H2: Step 5: Calculate the Radius
Now that we have the center (h, k) = (2, 3), we can calculate the radius, r, using the distance formula with either point A or point B. Let's use point A(1, 2):
r = √((2 - 1)² + (3 - 2)²)
r = √(1² + 1²)
r = √2
Therefore, r² = 2. Calculating the radius is the final step in determining the equation of the circle. The radius is the distance from the center of the circle to any point on the circle. We can use either point A or point B to calculate the radius since both points lie on the circle. The distance formula is used to calculate the distance between two points in the coordinate plane. In this case, we are using it to calculate the distance between the center of the circle and a point on the circle. The square of the radius, r², is also important because it appears in the equation of the circle. We have calculated r = √2, so r² = 2. This value will be used in the final step to write the equation of the circle.

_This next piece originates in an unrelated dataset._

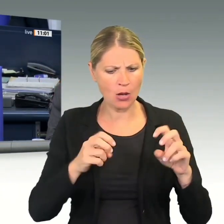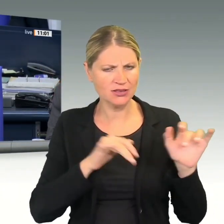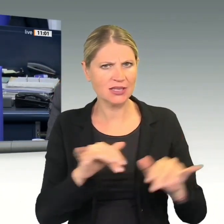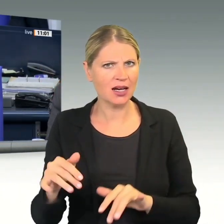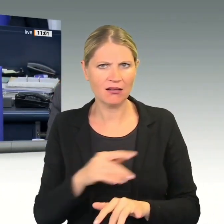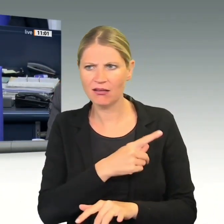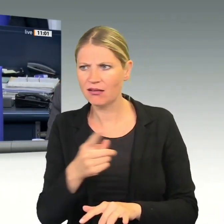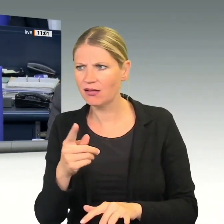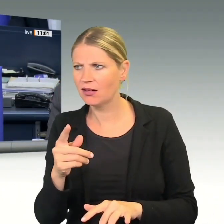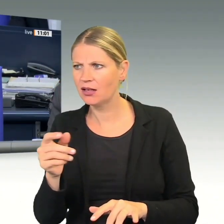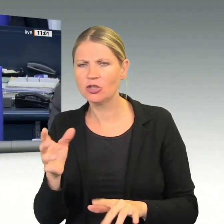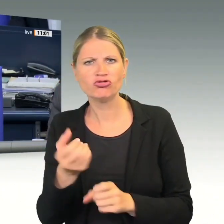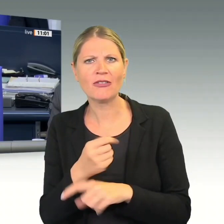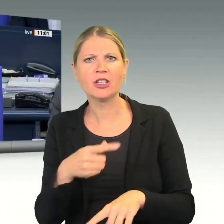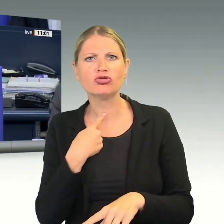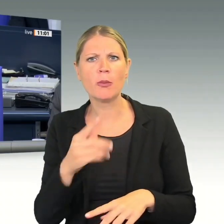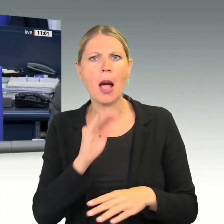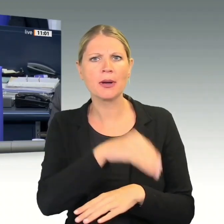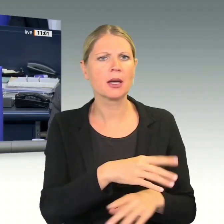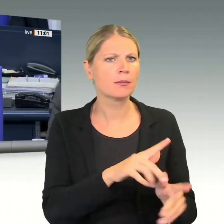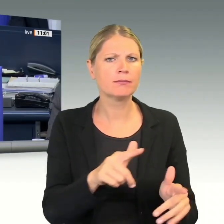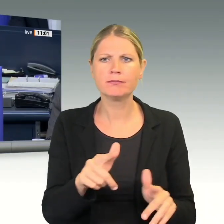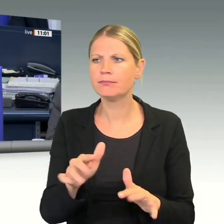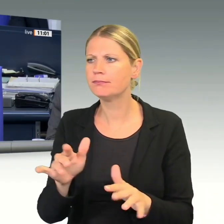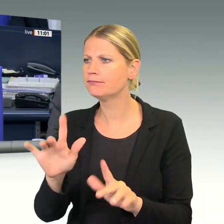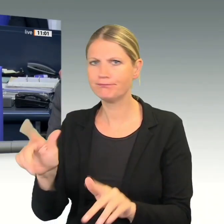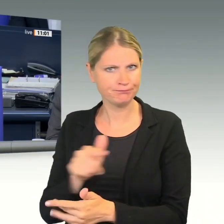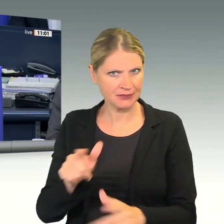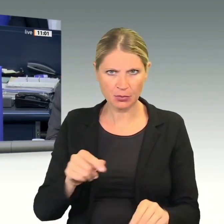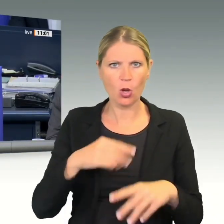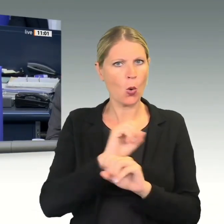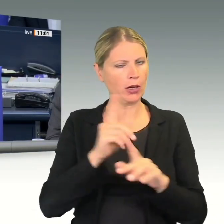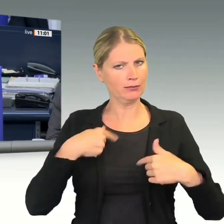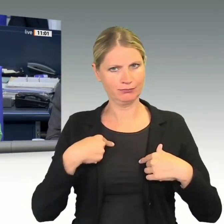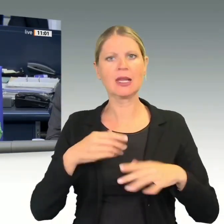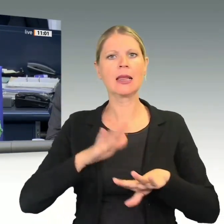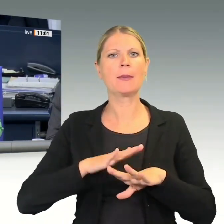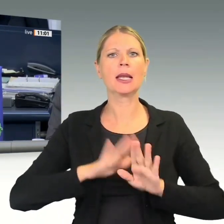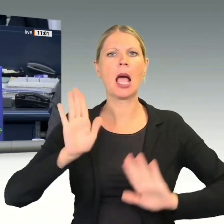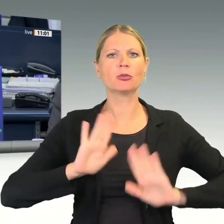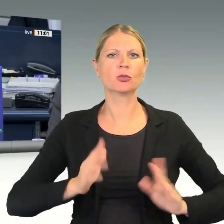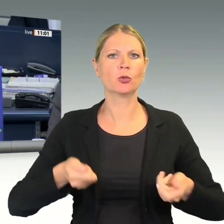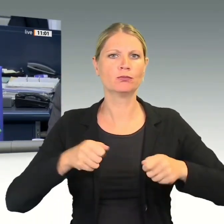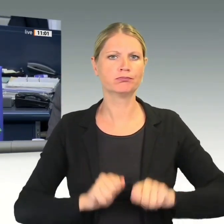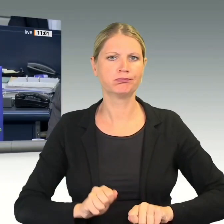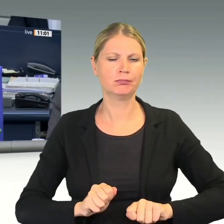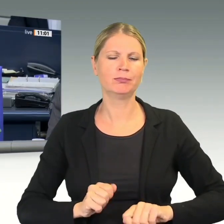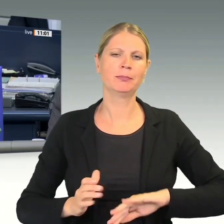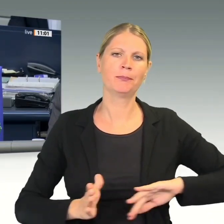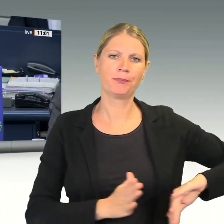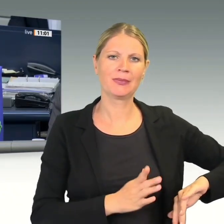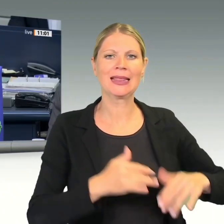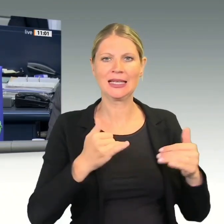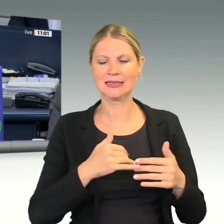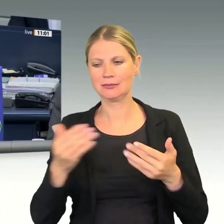konnte. Das ist nicht der Fall. Damit schließe ich die namentliche Abstimmung. Und wir kehren zurück zu unserer

H2: Step 6: Write the Equation of the Circle
Using the center (2, 3) and r² = 2, the equation of the circle is:
(x - 2)² + (y - 3)² = 2
This matches option 1. Writing the equation of the circle is the final step in solving the problem. The equation of a circle with center (h, k) and radius r is given by (x - h)² + (y - k)² = r². We have found the coordinates of the center, (h, k) = (2, 3), and the square of the radius, r² = 2. Substituting these values into the general equation of a circle gives us the equation of the specific circle that satisfies the given conditions. The equation (x - 2)² + (y - 3)² = 2 represents a circle with center (2, 3) and radius √2. This is the equation of the circle that passes through the points A(1, 2) and B(3, 4) and whose center lies on the line y = 2x - 1. This completes the solution to the problem.
Conclusion
In conclusion, we have successfully found the equation of the circle that passes through points A(1, 2) and B(3, 4) and whose center lies on the line y = 2x - 1. The equation of the circle is (x - 2)² + (y - 3)² = 2. This problem demonstrates the interplay between coordinate geometry concepts, including the distance formula, the equation of a circle, and linear equations. By breaking down the problem into smaller steps and carefully applying the relevant formulas and techniques, we were able to arrive at the solution. This type of problem is common in mathematics and requires a solid understanding of the fundamental concepts of coordinate geometry. The key to solving this problem was to use the given information to set up a system of equations and then solve that system to find the unknowns. The steps involved in the solution included: defining the center of the circle, using the line equation to relate the coordinates of the center, applying the distance formula to relate the distances from the center to the points on the circle, equating the distances to eliminate the radius, simplifying the resulting equation, solving the system of equations to find the coordinates of the center, calculating the radius, and finally, writing the equation of the circle. By mastering these techniques, you will be well-equipped to solve similar problems in the future.